Start of INFORMATION PROVIDED
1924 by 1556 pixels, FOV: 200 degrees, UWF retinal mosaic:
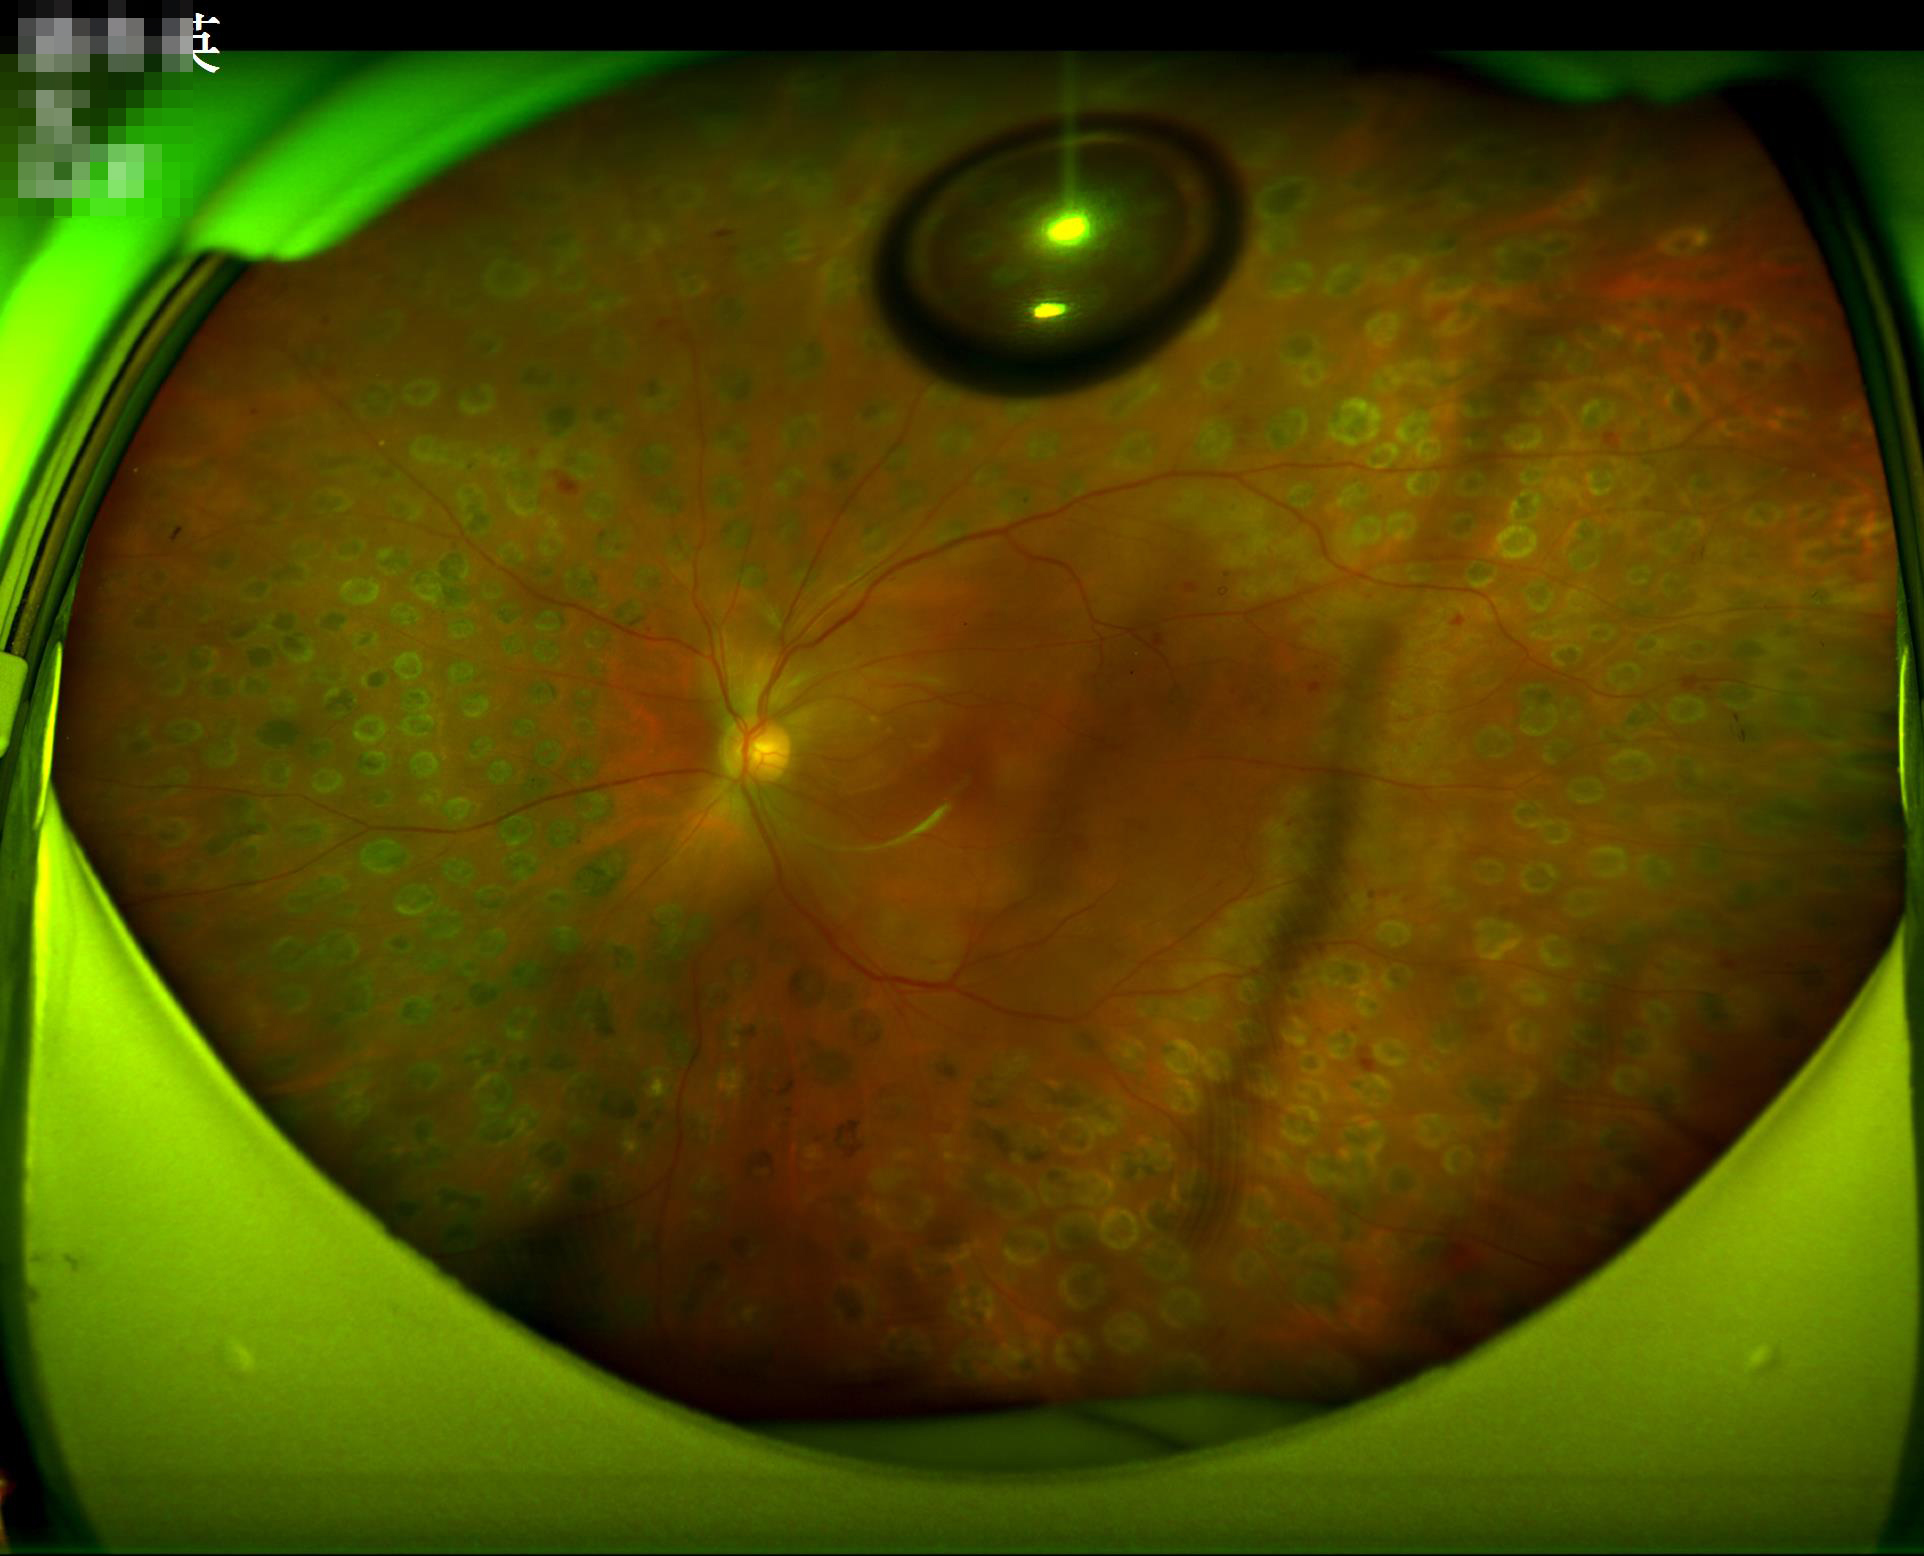

Sharpness: reduced sharpness with visible blur | Overall: poor, ungradable | Contrast: narrow intensity range, structures hard to distinguish | Illumination: no over- or under-exposure.
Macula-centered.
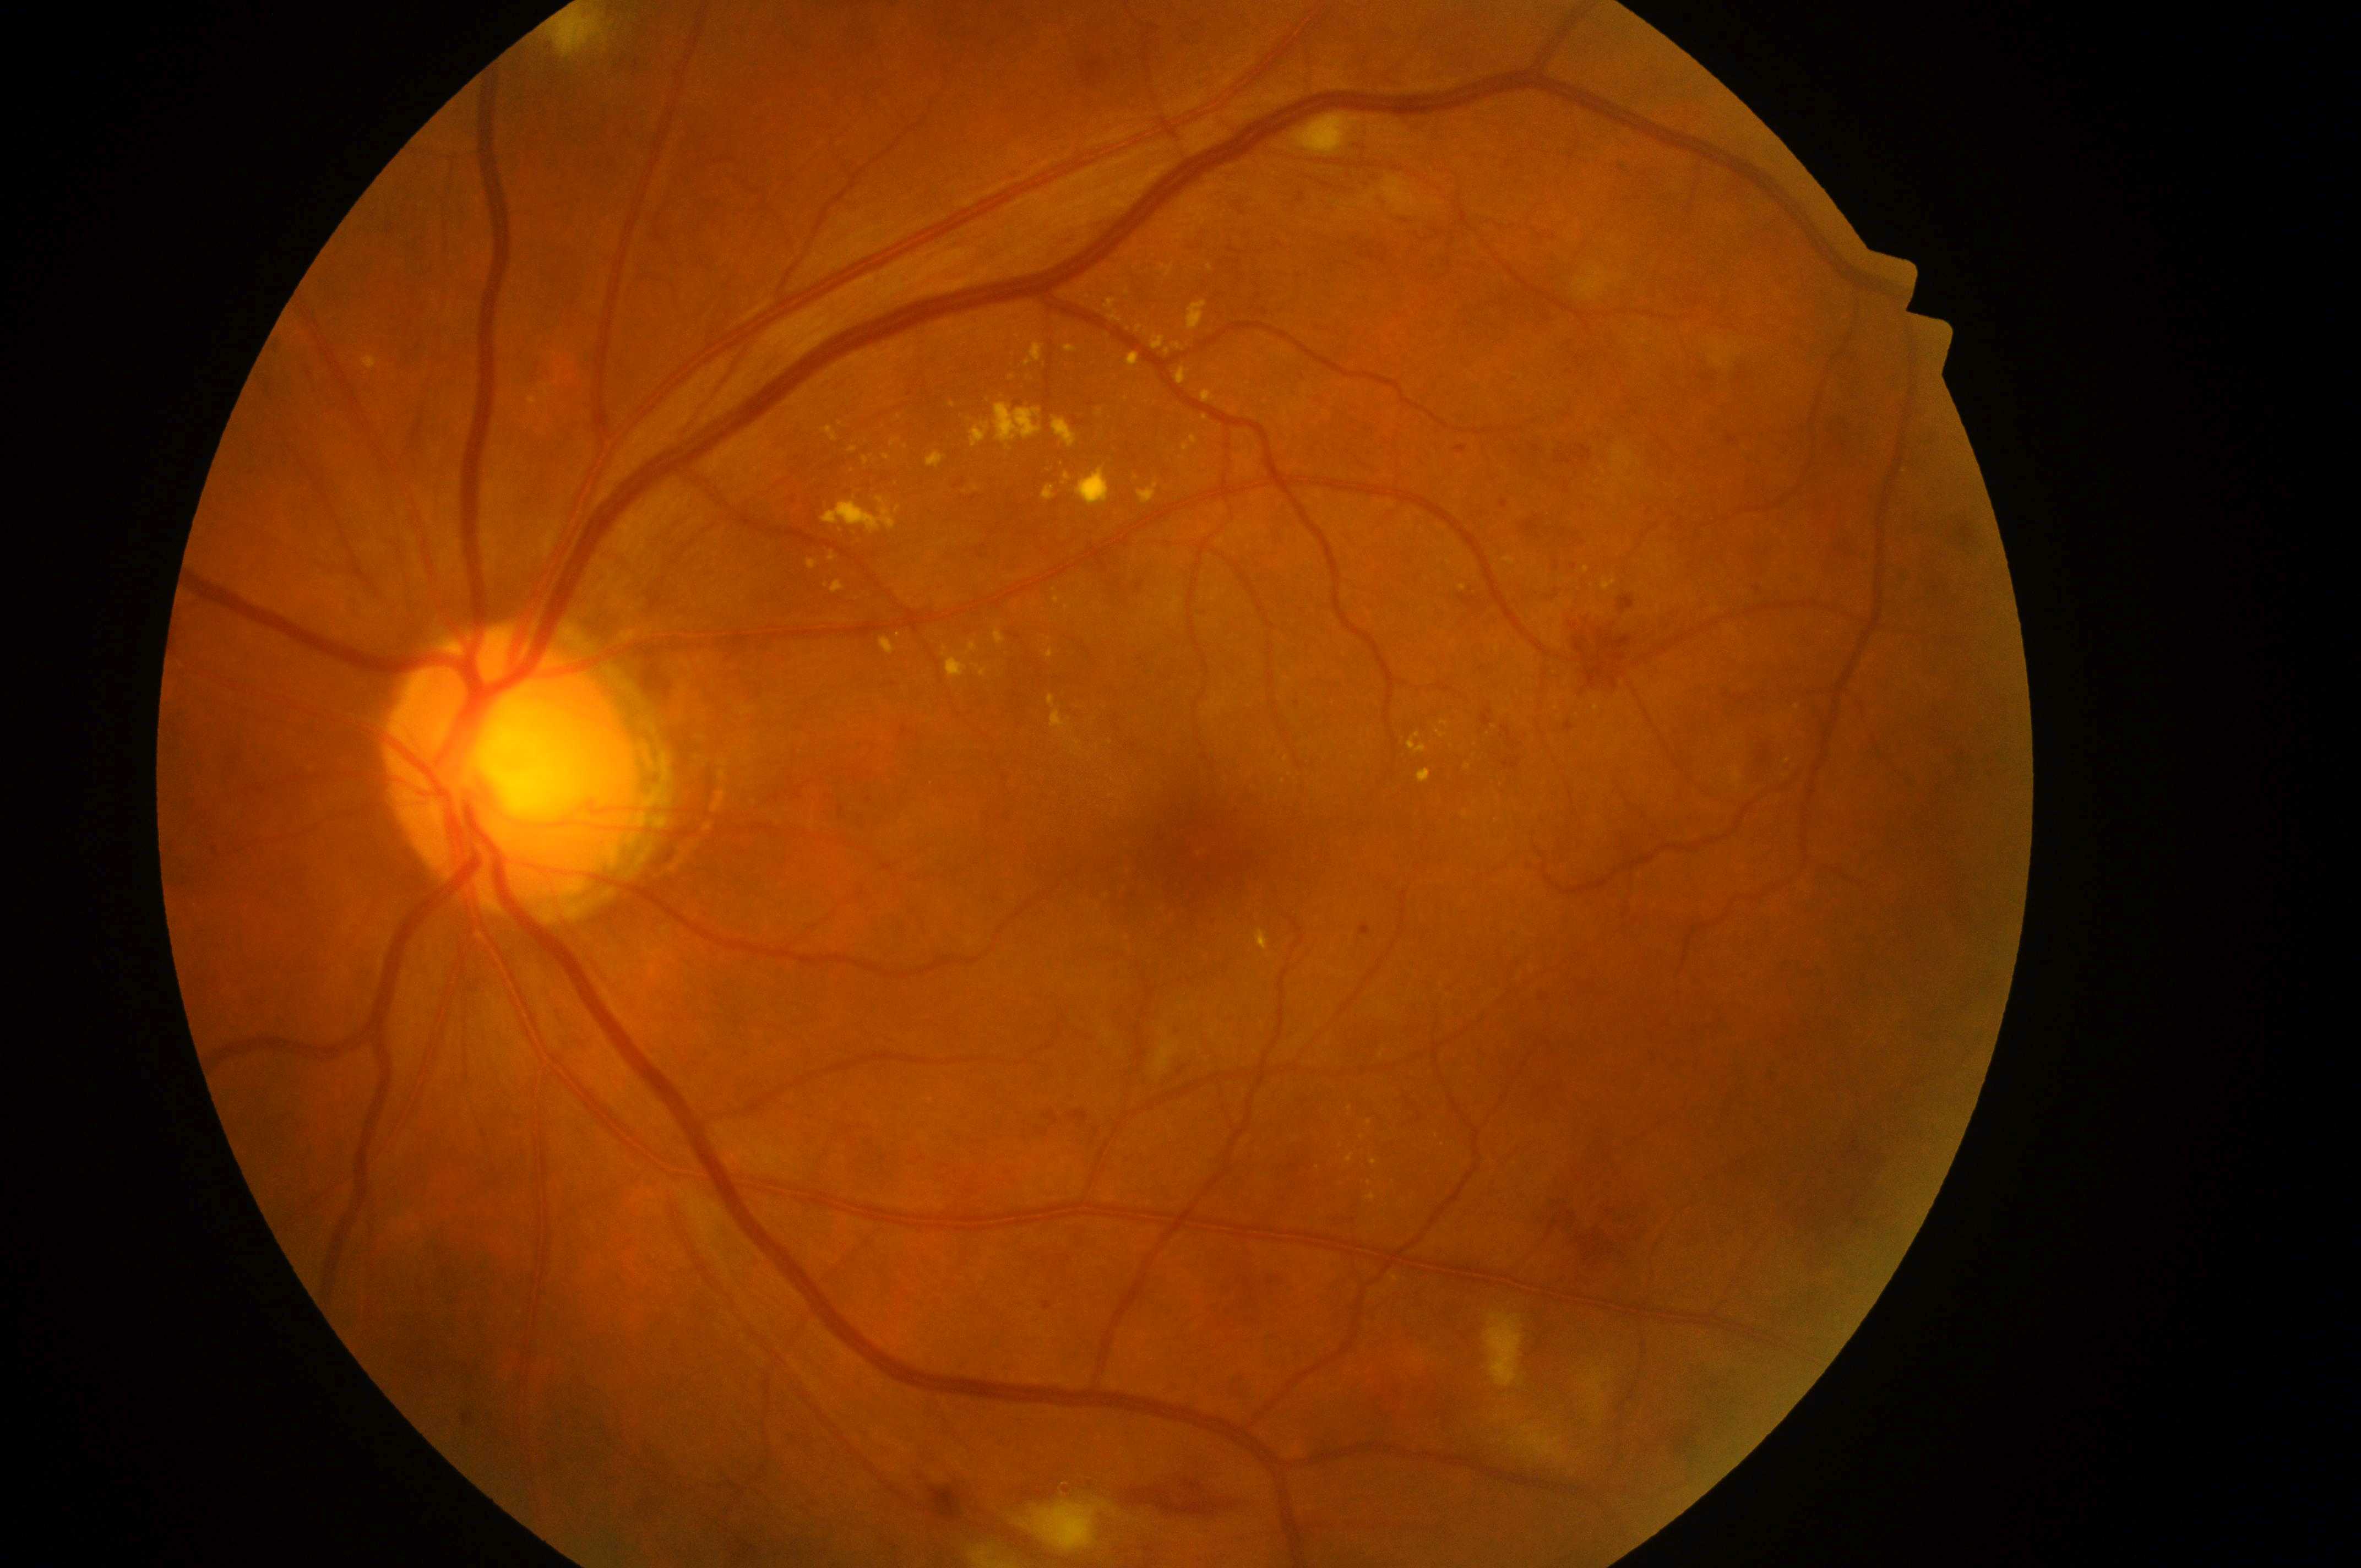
End of INFORMATION PROVIDED
PROBLEM DETAILS
Transcribe all lines above exactly, skipping pictures.

EXERCISE RESPONSE
1924 by 1556 pixels, FOV: 200 degrees, UWF retinal mosaic:

Sharpness: reduced sharpness with visible blur | Overall: poor, ungradable | Contrast: narrow intensity range, structures hard to distinguish | Illumination: no over- or under-exposure.
Macula-centered.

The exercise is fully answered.